For both immunocompetent and HIV-related PCNSL, the field has moved increasingly away from whole-brain radiation therapy as first-line or consolidative therapy due to poor durability of responses, poor survival when used as a standalone therapy, and risks of irreversible neurocognitive decline in survivors [14]. The field now appears to mostly employ high-dose methotrexate combined with corticosteroids as first-line therapy for PCNSL. According to new literature, patients receiving high-dose methotrexate alone exhibited non-inferior survival outcomes with decreased neurotoxicity versus whole brain radiation therapy [15]. However, there are many ongoing studies investigating alternative chemotherapy medications for PCNSL. Anti-PD-1 agents such as nivolumab and pembrolizumab appear to show promising results with regard to complete response and improved clinical outcomes. CAR-T appears to also show preliminarily promising results when crafted to target CD19 [16]. These results are limited, though, due to their minimal literature support and use mostly in refractory PCNSL cases given the proven effectiveness of high-dose methotrexate.

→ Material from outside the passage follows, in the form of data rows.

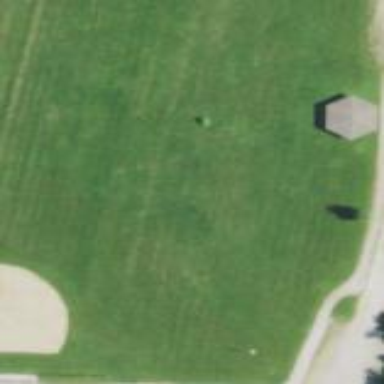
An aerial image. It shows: Baseball pitch for leisure land activities.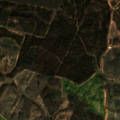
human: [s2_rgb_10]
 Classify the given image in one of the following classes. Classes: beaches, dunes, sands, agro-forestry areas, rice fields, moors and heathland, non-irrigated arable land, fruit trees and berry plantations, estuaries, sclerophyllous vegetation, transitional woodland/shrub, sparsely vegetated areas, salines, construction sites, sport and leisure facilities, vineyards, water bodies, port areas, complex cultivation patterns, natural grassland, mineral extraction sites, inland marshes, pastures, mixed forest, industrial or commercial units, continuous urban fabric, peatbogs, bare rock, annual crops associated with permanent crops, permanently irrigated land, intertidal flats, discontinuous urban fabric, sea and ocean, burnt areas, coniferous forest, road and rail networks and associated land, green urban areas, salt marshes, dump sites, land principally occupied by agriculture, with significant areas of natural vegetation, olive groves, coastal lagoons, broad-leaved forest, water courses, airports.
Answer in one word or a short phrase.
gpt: agro-forestry areas, broad-leaved forest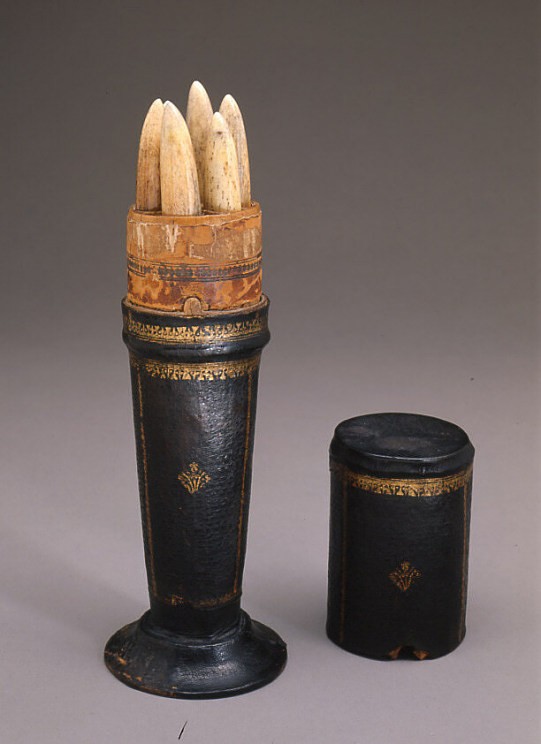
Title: Case
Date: early 18th century
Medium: Wood, leather, gilding
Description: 1985-103-283-a: Bottom of large conical case for six implements, w...;     1985-103-283-b: Top of cylindrical shape lid which slides partly o...;     1985-103-283-c: Sabre-shaped blade, the shoulder etched and gilded...;     1985-103-283-d: Sabre-shaped blade, the shoulder etched and gilded...;     1985-103-283-e: Sabre-shaped blade, the shoulder etched and gilded...;     1985-103-283-f: Sabre-shaped blade, the shoulder etched and gilded...;     1985-103-283-g: Sabre-shaped blade, the shoulder etched and gilded...;     1985-103-283-h: Sabre-shaped blade, the shoulder etched and gilded...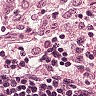
Metastatic tissue present: no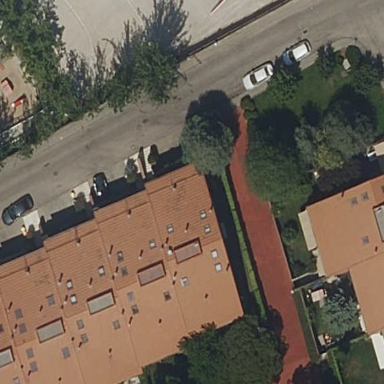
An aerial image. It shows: Terrace building.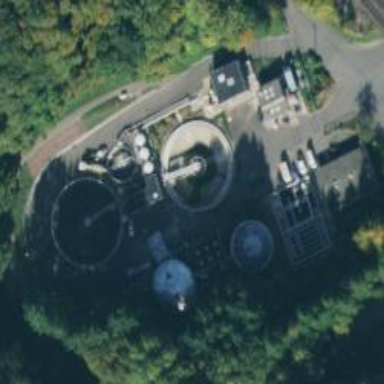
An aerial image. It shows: Wastewater plant.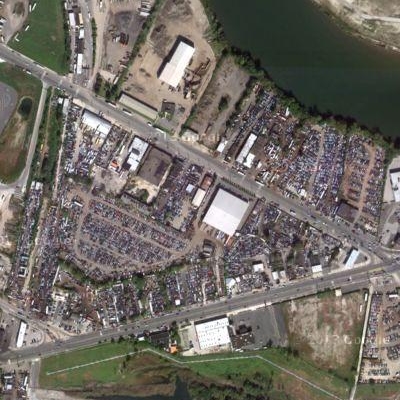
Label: gParking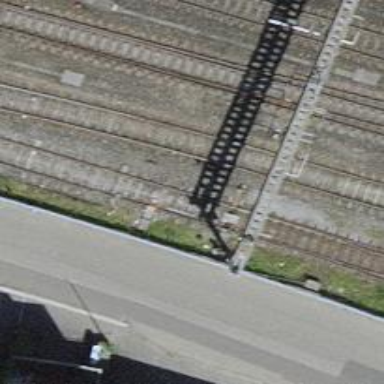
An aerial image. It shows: Siding railway track with electrified contact line.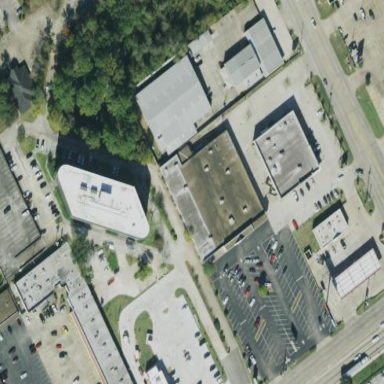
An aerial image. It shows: Building.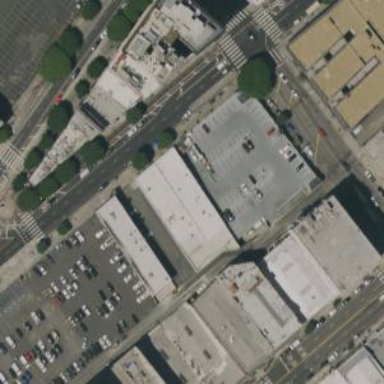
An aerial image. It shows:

Discussion regarding whether surgery has a role in PCNSL is a complex issue with multiple variable factors. For patients with a large primary lesion as the prominent tumor burden, surgery may be considered to improve quality of life, although prolonged survival continues to be in question [17]. The clinical decision to pursue a debulking surgical procedure should include multiple factors such as age, performance status, and deep brain structure involvement [18]. However, in cases in which the tumor burden is diffuse and affects multiple neurologic structures, surgery may be impractical.

Conclusions

Due to the low incidence of primary CNS lymphoma and nonspecific symptoms in immunocompetent individuals, this diagnosis is often overlooked. Based on the wide range of presentations of PCNSL and given the disease's proclivity to affect multiple nonadjacent areas of the brain, it is important to understand the different clinical manifestations of the disease for improved recognition of the disease. In addition, it is imperative to recognize that imaging findings vary widely, as evidenced in this patient who did not have a solitary lesion but a more diffuse CNS involvement pattern. Traditionally, PCNSL was known as an AIDS-defining illness. However, as exhibited by the above-described case and the literature reviewed thereafter, we believe this definition continues to become obsolete. It is imperative that clinicians recognize the variable clinical presentations of PCNSL and, when appropriate, consider this diagnosis in the differential to improve the alacrity of diagnosis and thus decrease the time to initial treatment for better overall clinical outcomes.